> [Work task]: From the material below, pull each line containing the string "style".
━━━━━━
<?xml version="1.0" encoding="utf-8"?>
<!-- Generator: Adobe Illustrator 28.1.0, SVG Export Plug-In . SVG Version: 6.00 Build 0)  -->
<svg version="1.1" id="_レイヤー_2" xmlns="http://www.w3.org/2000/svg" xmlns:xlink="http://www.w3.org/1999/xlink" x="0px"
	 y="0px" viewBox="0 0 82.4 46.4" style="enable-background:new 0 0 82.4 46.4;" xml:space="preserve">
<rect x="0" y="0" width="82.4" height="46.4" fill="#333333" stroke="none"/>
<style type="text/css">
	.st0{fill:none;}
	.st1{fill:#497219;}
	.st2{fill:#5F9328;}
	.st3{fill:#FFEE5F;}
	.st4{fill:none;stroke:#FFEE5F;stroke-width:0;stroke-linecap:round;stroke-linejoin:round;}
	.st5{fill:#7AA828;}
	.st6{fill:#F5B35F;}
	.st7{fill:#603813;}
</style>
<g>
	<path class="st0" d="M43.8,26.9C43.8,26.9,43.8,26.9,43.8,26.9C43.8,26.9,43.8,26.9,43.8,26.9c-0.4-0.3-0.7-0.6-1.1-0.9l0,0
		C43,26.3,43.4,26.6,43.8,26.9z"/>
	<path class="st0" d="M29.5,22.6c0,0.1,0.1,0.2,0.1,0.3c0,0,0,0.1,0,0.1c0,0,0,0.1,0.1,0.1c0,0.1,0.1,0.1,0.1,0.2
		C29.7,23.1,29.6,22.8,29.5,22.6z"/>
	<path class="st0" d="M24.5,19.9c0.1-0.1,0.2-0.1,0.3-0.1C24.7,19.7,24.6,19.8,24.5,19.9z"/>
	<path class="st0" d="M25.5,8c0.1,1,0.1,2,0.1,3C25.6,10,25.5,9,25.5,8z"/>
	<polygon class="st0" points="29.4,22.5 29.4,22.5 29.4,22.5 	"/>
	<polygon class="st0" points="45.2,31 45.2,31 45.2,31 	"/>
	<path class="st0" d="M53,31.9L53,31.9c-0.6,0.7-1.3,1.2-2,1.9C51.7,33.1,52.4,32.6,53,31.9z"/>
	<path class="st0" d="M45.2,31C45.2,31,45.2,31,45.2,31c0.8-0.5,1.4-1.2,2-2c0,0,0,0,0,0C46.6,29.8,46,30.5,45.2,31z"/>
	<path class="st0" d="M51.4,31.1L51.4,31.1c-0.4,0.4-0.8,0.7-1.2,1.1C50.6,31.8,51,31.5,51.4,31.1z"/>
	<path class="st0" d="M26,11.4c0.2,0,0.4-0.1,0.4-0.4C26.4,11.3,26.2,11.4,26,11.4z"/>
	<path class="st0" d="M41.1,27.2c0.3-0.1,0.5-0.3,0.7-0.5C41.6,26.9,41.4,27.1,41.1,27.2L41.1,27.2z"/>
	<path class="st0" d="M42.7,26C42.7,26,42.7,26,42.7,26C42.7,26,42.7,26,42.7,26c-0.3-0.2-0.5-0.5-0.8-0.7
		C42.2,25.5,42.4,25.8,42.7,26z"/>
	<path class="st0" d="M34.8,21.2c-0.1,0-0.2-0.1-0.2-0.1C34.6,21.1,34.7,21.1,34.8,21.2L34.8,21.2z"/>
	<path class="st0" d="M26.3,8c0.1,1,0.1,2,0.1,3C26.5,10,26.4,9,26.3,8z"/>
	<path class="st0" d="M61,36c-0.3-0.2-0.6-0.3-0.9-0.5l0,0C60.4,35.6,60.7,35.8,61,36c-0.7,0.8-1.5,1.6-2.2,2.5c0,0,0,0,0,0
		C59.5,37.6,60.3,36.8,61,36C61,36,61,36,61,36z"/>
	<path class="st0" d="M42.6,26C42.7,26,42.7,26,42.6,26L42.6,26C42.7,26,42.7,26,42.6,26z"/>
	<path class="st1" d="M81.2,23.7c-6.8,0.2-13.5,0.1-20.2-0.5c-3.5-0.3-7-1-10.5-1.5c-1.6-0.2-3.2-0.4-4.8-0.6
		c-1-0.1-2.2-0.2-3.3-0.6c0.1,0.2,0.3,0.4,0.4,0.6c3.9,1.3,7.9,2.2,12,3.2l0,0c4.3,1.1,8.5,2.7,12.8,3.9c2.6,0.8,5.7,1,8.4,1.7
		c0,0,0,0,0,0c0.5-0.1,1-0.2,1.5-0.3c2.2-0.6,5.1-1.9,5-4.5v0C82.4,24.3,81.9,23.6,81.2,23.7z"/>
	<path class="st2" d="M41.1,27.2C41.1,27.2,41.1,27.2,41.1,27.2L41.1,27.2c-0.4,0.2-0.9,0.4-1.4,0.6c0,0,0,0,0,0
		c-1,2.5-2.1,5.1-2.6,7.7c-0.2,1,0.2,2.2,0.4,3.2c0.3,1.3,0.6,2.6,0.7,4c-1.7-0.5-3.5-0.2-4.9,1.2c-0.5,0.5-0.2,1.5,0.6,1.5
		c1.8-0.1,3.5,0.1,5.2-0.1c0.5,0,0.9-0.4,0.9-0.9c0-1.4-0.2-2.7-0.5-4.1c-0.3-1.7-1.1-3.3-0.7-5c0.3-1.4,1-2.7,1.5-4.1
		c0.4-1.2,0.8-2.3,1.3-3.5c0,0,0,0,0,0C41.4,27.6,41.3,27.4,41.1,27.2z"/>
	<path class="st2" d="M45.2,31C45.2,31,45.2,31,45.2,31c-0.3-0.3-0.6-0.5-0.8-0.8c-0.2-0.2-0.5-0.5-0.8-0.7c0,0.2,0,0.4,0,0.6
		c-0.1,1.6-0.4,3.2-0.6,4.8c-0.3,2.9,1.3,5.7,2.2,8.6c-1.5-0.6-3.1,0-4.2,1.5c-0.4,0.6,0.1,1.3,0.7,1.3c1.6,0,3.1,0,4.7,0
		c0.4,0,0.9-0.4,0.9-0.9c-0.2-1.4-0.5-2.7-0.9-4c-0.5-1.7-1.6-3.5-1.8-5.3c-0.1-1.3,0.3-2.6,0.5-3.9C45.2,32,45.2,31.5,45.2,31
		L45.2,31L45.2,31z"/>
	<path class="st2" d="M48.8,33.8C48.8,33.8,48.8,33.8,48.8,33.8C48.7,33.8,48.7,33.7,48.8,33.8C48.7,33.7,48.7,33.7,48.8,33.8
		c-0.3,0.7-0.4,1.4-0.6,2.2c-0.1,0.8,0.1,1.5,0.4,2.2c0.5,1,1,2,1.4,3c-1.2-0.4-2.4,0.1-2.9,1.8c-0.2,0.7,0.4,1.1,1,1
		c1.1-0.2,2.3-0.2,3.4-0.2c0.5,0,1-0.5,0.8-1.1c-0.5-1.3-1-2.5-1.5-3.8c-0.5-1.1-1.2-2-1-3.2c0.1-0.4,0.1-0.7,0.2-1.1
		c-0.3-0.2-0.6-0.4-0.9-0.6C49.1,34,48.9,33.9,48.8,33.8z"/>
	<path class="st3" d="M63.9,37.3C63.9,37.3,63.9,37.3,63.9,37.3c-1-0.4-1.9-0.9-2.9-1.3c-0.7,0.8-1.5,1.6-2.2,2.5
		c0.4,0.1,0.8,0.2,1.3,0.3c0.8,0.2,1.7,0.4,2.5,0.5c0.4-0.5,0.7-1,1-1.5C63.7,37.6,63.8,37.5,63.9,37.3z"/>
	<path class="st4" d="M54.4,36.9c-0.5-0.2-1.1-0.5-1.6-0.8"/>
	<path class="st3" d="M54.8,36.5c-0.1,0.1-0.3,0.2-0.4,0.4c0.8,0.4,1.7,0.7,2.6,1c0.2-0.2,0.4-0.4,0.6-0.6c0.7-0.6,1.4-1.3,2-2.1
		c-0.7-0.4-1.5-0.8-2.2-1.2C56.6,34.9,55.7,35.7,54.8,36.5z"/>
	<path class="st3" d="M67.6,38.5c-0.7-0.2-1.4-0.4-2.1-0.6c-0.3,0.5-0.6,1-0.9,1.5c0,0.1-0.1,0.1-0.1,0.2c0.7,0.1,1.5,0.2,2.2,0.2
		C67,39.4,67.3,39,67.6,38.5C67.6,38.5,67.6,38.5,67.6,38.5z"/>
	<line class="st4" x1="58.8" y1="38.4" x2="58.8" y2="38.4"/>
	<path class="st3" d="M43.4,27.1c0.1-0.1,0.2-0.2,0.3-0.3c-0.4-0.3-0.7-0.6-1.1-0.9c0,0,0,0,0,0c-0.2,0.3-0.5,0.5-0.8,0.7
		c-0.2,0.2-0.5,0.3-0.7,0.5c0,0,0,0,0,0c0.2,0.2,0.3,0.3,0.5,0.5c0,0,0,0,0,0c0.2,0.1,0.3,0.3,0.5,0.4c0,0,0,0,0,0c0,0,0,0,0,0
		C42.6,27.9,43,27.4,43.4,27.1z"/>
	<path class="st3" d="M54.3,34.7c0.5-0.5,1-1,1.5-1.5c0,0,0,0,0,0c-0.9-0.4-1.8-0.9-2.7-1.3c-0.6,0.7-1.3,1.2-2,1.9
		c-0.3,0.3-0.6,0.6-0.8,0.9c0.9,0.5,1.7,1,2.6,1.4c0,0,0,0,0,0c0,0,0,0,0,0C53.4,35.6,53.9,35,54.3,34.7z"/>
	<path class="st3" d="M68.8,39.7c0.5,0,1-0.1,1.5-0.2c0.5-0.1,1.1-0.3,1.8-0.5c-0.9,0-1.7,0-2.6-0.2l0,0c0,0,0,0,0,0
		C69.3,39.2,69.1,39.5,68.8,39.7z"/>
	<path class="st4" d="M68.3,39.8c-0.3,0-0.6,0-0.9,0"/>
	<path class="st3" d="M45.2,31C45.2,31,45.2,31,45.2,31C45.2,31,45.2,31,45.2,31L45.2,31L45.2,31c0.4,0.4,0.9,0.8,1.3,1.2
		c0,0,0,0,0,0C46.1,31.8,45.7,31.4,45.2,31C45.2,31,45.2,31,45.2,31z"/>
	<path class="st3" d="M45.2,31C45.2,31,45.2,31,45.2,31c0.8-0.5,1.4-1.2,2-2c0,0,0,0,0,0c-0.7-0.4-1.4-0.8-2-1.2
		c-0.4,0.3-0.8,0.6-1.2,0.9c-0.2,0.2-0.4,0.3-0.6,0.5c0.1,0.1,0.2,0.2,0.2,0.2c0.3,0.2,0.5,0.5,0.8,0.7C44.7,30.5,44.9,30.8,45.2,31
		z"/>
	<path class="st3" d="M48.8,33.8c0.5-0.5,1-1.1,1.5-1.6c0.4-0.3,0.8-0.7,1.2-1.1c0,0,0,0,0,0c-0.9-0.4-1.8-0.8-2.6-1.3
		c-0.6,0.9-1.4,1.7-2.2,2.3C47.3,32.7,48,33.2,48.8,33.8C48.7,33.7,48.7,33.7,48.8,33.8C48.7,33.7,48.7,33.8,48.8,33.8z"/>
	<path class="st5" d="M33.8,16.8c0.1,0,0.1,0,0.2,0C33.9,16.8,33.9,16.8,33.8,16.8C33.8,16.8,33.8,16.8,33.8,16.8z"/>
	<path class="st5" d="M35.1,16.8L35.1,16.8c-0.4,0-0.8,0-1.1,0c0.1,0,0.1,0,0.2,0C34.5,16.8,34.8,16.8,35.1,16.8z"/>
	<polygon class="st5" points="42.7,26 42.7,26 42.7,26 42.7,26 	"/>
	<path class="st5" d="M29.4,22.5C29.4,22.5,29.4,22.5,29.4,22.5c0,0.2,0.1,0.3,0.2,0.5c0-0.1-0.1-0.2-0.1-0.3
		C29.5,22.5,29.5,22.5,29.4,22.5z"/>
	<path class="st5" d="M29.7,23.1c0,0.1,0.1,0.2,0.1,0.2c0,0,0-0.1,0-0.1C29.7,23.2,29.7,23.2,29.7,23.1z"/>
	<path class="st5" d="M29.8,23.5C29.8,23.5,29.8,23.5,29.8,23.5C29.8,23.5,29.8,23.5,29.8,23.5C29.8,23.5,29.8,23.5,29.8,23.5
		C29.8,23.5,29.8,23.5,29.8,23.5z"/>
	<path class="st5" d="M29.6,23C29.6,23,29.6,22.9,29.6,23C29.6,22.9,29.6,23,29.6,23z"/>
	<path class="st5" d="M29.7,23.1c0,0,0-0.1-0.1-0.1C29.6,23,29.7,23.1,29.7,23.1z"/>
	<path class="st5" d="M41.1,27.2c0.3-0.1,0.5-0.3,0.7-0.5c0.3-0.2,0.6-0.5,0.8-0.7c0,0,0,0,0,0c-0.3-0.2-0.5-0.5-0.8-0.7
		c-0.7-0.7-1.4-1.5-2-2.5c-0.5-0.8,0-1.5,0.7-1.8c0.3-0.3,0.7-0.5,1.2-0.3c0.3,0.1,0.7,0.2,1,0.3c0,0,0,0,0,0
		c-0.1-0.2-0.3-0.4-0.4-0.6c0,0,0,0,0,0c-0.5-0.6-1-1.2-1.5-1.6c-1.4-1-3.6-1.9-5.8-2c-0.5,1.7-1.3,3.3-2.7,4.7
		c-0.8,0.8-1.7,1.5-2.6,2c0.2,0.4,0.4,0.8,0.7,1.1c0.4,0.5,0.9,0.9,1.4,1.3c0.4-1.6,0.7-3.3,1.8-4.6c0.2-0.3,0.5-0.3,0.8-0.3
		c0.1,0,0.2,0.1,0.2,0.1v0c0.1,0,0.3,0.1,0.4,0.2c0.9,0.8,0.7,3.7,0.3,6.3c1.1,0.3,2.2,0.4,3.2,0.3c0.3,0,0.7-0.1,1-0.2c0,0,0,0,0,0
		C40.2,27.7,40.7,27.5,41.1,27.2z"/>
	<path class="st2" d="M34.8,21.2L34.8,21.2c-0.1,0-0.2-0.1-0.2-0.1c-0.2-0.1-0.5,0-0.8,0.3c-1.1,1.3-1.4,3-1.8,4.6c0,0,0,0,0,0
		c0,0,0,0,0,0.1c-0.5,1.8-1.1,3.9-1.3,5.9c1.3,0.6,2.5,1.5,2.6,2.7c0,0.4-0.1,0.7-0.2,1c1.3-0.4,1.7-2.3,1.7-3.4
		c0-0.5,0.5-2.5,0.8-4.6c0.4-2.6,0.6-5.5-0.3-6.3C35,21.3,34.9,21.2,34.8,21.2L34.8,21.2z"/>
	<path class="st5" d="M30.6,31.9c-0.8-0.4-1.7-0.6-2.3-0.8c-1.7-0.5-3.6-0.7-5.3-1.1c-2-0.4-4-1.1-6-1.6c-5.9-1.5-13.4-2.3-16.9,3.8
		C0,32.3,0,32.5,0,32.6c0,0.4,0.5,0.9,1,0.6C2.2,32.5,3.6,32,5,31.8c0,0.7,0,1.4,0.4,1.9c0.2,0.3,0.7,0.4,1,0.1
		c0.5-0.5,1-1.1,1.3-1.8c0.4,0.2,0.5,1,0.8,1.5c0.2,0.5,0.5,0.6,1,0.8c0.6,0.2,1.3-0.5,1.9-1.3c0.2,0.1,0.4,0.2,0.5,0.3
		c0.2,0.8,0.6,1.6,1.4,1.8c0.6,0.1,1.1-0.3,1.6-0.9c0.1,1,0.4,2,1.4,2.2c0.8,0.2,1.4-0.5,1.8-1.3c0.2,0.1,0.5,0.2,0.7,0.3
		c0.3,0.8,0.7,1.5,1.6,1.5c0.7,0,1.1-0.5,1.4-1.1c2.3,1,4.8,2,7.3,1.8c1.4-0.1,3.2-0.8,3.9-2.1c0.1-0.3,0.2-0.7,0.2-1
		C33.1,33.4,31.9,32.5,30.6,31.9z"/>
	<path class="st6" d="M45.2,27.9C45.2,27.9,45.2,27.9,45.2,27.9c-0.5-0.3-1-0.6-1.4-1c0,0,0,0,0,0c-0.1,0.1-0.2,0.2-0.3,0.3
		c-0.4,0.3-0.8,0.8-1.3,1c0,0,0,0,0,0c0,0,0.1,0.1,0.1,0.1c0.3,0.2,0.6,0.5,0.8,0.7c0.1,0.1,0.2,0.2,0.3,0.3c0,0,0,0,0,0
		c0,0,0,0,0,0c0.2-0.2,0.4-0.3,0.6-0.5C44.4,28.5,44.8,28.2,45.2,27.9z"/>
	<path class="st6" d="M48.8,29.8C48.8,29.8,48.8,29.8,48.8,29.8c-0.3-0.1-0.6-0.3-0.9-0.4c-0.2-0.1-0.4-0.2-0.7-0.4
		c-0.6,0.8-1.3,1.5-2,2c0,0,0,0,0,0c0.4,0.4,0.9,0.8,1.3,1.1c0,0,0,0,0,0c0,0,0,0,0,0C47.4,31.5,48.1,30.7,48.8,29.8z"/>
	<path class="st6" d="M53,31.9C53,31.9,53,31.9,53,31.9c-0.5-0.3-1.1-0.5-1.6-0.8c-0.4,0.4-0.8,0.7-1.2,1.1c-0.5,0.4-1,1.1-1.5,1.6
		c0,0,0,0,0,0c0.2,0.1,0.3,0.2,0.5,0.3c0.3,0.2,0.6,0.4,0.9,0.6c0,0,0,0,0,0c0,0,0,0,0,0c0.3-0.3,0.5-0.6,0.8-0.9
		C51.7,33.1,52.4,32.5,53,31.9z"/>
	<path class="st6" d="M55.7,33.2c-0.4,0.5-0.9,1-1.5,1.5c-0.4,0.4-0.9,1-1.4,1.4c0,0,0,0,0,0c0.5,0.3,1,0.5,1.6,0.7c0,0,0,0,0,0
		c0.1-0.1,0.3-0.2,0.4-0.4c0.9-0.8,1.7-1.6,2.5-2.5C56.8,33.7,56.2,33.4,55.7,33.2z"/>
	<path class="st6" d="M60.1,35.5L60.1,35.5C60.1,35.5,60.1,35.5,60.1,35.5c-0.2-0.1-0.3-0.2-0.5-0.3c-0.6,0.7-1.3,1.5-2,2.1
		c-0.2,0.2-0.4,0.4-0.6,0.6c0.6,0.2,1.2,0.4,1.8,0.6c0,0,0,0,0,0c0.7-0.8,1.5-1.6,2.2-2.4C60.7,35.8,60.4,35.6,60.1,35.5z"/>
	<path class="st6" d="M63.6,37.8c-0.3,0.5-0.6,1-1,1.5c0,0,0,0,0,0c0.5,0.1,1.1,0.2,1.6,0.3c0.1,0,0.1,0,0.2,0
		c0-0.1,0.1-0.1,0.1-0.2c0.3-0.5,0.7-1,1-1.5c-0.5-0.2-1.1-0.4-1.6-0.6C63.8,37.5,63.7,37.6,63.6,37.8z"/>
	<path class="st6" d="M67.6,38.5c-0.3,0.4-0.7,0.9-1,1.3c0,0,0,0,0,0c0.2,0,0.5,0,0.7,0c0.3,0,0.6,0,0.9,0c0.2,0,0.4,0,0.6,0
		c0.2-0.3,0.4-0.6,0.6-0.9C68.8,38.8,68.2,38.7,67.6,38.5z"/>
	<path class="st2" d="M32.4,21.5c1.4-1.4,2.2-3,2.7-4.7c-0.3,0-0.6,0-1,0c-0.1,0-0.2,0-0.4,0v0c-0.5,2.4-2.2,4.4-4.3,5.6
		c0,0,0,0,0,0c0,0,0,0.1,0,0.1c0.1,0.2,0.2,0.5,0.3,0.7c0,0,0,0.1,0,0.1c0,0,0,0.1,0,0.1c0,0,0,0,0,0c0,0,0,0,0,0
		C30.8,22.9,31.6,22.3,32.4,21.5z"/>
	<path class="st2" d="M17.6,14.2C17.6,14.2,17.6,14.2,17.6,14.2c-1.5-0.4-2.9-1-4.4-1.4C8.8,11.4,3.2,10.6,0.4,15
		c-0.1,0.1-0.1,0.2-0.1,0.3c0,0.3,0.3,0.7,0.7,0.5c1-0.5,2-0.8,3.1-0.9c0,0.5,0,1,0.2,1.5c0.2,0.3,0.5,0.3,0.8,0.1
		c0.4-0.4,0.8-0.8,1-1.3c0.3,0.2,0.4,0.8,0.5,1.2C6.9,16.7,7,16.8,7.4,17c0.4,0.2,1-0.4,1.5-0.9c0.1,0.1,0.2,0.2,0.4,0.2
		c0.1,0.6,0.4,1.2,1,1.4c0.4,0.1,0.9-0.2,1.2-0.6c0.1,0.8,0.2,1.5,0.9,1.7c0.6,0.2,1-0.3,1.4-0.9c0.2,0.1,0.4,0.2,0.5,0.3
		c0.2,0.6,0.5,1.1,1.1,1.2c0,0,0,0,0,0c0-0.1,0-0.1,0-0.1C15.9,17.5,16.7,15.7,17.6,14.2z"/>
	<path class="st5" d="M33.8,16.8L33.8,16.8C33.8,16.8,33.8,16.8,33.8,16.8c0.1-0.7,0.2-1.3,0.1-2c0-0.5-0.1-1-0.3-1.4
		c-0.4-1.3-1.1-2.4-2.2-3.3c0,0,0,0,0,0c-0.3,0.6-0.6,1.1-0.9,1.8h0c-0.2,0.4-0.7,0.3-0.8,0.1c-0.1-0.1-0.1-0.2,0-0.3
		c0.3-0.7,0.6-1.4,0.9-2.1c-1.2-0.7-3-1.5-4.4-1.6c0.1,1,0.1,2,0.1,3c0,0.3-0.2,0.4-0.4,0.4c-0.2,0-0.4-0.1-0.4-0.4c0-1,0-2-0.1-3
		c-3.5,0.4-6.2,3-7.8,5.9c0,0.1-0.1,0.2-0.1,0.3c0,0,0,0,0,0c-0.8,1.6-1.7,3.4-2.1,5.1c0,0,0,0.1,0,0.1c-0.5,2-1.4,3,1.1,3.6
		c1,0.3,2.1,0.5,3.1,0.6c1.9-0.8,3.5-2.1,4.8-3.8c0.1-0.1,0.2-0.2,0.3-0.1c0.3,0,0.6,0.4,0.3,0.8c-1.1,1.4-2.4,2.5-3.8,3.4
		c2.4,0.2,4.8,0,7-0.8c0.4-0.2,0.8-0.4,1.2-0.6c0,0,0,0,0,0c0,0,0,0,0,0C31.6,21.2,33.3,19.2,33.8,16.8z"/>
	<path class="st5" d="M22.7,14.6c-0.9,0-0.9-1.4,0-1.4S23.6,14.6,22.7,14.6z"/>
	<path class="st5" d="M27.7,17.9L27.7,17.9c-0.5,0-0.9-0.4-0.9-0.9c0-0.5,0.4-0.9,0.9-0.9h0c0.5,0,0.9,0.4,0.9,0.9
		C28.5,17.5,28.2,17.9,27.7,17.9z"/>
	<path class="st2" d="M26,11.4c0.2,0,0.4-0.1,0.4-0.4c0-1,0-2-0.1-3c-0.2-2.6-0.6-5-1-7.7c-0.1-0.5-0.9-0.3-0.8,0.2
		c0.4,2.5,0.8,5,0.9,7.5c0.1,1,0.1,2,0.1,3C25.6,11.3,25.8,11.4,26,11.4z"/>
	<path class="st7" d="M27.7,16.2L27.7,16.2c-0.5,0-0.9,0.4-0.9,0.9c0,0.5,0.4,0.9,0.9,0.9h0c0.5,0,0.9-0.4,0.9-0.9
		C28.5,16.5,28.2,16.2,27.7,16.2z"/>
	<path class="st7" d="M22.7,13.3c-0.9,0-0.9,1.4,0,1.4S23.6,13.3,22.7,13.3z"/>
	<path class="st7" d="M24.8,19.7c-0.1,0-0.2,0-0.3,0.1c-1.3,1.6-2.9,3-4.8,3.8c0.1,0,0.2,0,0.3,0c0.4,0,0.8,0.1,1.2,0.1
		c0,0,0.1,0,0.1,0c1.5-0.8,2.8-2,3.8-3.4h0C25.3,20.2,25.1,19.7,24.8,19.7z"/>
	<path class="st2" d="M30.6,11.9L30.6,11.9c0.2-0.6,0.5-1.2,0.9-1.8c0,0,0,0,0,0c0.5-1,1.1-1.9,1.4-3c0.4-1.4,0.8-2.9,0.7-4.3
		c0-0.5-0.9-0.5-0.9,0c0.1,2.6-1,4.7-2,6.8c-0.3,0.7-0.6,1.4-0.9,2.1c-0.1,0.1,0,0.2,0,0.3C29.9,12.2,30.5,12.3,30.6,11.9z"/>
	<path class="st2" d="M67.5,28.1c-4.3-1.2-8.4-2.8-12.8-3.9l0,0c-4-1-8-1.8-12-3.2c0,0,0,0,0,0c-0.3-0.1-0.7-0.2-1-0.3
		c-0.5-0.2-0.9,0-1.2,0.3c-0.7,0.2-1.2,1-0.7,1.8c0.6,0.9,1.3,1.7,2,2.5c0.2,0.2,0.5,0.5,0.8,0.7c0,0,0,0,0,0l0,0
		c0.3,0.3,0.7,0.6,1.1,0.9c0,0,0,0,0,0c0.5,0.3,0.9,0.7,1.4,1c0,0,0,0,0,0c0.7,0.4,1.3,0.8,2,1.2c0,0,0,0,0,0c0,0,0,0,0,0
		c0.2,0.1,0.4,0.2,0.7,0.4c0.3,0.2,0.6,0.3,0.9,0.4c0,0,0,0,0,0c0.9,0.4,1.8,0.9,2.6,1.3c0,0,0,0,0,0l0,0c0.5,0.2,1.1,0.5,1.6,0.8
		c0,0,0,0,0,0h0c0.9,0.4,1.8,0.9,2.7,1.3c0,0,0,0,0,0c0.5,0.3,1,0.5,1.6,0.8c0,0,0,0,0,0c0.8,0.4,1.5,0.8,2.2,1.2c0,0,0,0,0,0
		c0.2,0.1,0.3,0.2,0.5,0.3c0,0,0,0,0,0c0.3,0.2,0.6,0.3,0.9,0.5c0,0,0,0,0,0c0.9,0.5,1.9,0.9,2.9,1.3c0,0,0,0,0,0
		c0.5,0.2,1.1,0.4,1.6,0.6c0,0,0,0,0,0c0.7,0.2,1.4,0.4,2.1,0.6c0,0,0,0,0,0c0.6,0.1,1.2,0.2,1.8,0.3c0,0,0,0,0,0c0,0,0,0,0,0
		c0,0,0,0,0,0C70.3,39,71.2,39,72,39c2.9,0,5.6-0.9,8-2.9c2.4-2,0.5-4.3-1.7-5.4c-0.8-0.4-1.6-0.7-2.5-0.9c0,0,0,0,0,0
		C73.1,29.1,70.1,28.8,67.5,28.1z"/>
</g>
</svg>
━━━━━━
> [Response]:
	 y="0px" viewBox="0 0 82.4 46.4" style="enable-background:new 0 0 82.4 46.4;" xml:space="preserve">
<style type="text/css">
</style>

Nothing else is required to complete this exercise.